A data frame, in an of itself, cannot represent a complex survey. This is because, just by looking at a data frame, R does not know what the sampling weights are, what the strata are, etc. Even if the variables that represent the sampling weights, etc, are part of the data frame, just by looking at the data frame, R does not know which variable represents the weights or other survey design variables. 

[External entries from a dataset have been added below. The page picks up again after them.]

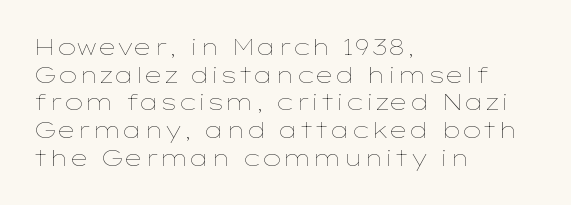
Q: Is the text bold? A: No.
Q: Is the text italic (slanted)? A: No, it is upright.
Q: Is the text underlined? A: No.
Q: How is the paragraph aligned? A: Left-aligned.
Q: Is the spacing between letters normal or unusually wide? A: Normal.
Q: Is the spacing between lines tight, normal or loose? A: Normal.
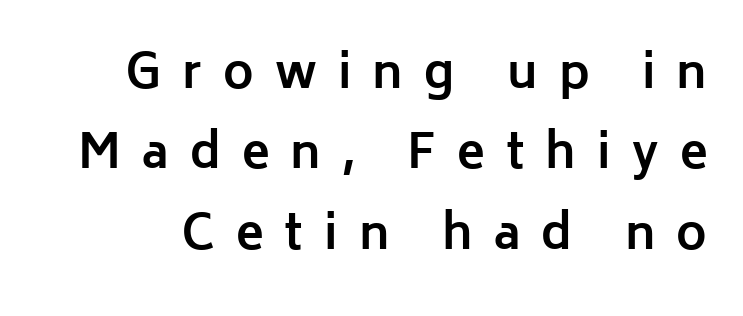
Q: Is the text bold? A: Yes.
Q: Is the text italic (slanted)? A: No, it is upright.
Q: Is the typeface a serif or a sans-serif typeface? A: Sans-serif.
Q: Is the text underlined? A: No.
Q: Is the spacing between letters normal or unusually wide? A: Unusually wide.
Q: Width (condensed, normal, or wide)? A: Normal.
Q: Stroke contrast? A: Low.
Q: x-height? A: Medium.
Q: Monospaced? A: No.
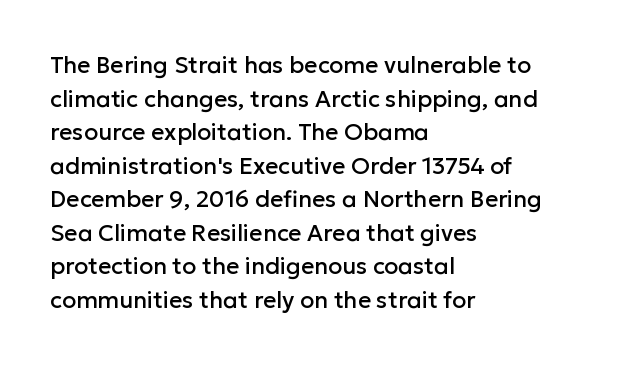
{"italic": "no", "underline": "no", "align": "left", "line_spacing": "normal", "line_spacing_ratio": 1.46, "letter_spacing": "normal", "letter_spacing_em": 0.0, "glyph_px": 23}
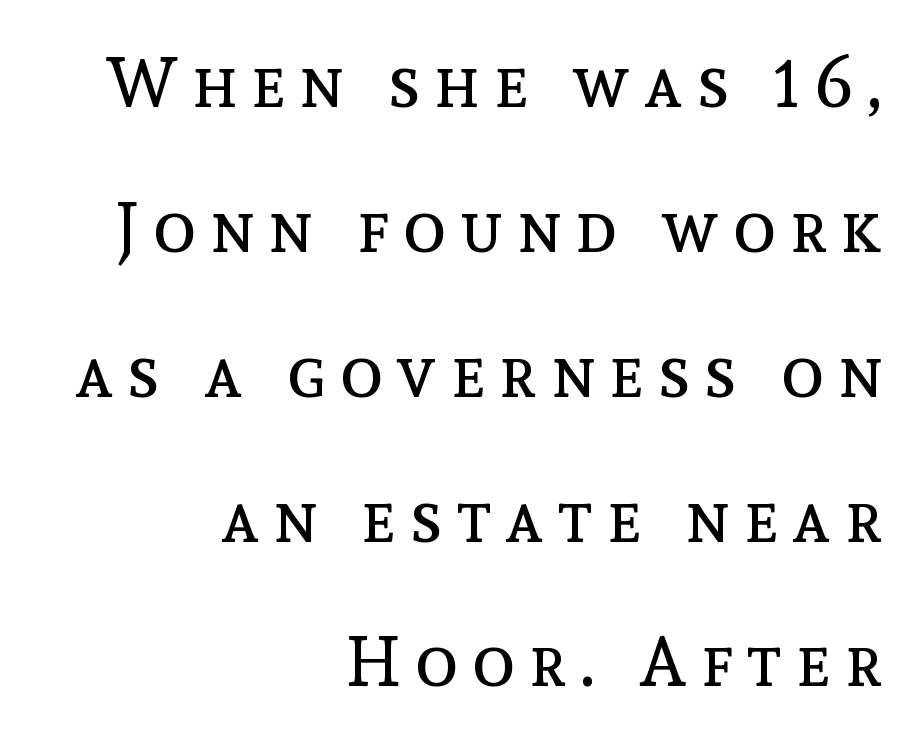
Q: Is the text bold? A: No.
Q: Is the text italic (slanted)? A: No, it is upright.
Q: Is the text underlined? A: No.
Q: How is the paragraph aligned? A: Right-aligned.
Q: Is the spacing between letters normal or unusually wide? A: Unusually wide.
Q: Is the spacing between lines tight, normal or loose? A: Loose.
Q: Width (condensed, normal, or wide)? A: Normal.
Q: x-height? A: Medium.
Q: Monospaced? A: No.
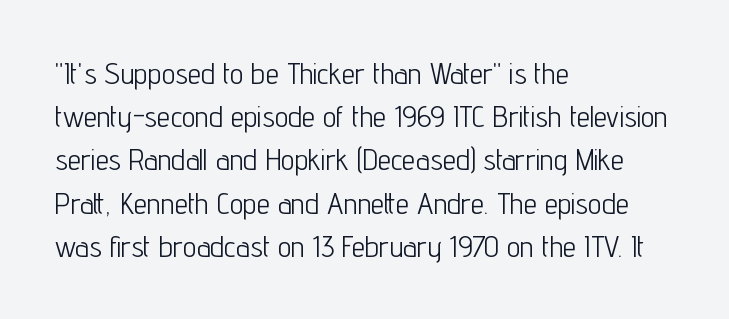
Upright lettering throughout. The space beneath each line is pristine and unruled. Honestly, the letter spacing is just normal — you wouldn't notice it. The designer went with a sans here, leaving each stem footless. Vertical stems look standard width or narrower in stroke.
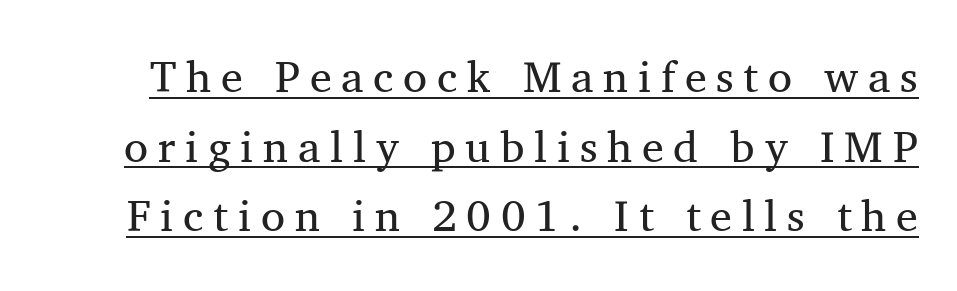
The letters stand upright; this is a roman face. Serif or sans? Serif — the stroke terminals have little feet. Each word looks stretched out because of the extra space between its letters. A typographer would call this underscored text.
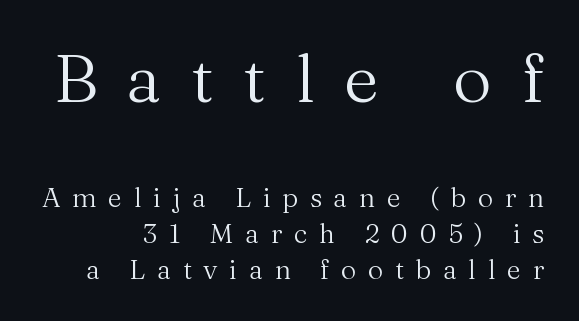
The upper block of text is set noticeably larger than the block beneath it. Varying glyph widths throughout — classic text-font behaviour. Does extra space separate the letters? Yes, quite a lot of it. Unbolded letterforms with no extra heft.
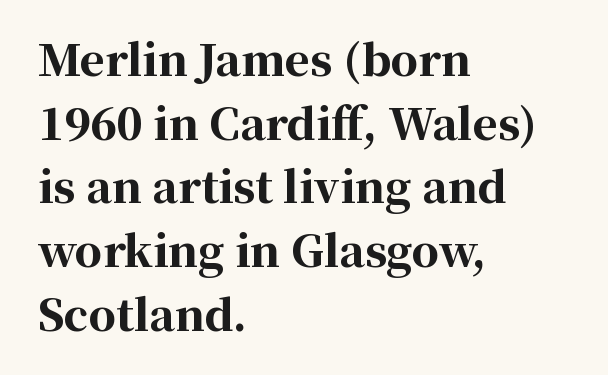
{"serif": "yes", "italic": "no", "bold": "yes", "weight": "bold", "width": "normal", "stroke_contrast": "high", "x_height": "medium", "monospaced": "no", "underline": "no", "align": "left", "line_spacing": "normal", "line_spacing_ratio": 1.48, "letter_spacing": "normal", "letter_spacing_em": 0.0, "glyph_px": 43}
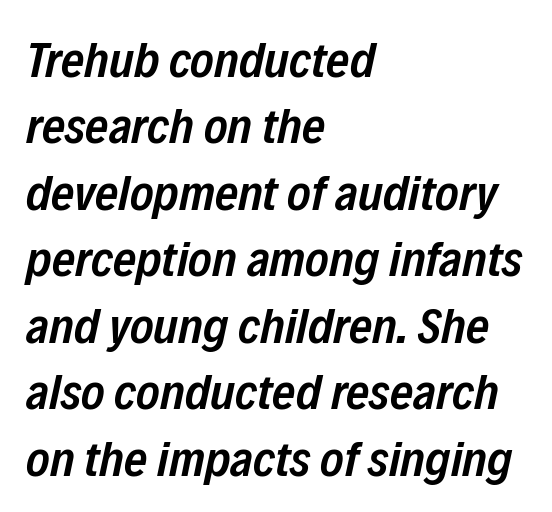
{"italic": "yes", "lean": "right", "slant_degrees": 12, "bold": "semi", "weight": "semibold", "width": "condensed", "stroke_contrast": "low", "x_height": "medium", "monospaced": "no", "underline": "no", "align": "left", "line_spacing": "normal", "line_spacing_ratio": 1.33, "letter_spacing": "normal", "letter_spacing_em": 0.0, "glyph_px": 50}

You can get a data frame into R in many different ways. If your data is currently in a comma-separated values (CSV) file, you can use `read.csv()`. If it's in a SAS file, you can use a package like `haven` or [importsurvey](https://cdcgov.github.io/importsurvey/). If it's already in R format, use `readRDS()`, and so on.

2) A **survey object** is an object that describes a survey. It tells R what the sampling weights are, what the strata are, and so on. A data frame can be converted into a survey object using the `survey::svydesign()` function; if a survey uses replicate weights, the `survey::svrepdesign()` function should be used.

Generally speaking, you only need to convert a data frame to a survey object once. After it has been converted, you can save it with `saveRDS()` (or similar). In the future, you can load it with `readRDS()`. You do not need to re-convert a data frame to a survey object every time. 

## NAMCS

Examples in this tutorial use a survey called the National Ambulatory Medical Care Survey (NAMCS) 2019 Public Use File (PUF). NAMCS is "an annual nationally representative sample survey of visits to non-federal office-based patient care physicians, excluding anesthesiologists, radiologists, and pathologists." Note that the unit of observation is visits, not patients – this distinction is important since a single patient can make multiple visits.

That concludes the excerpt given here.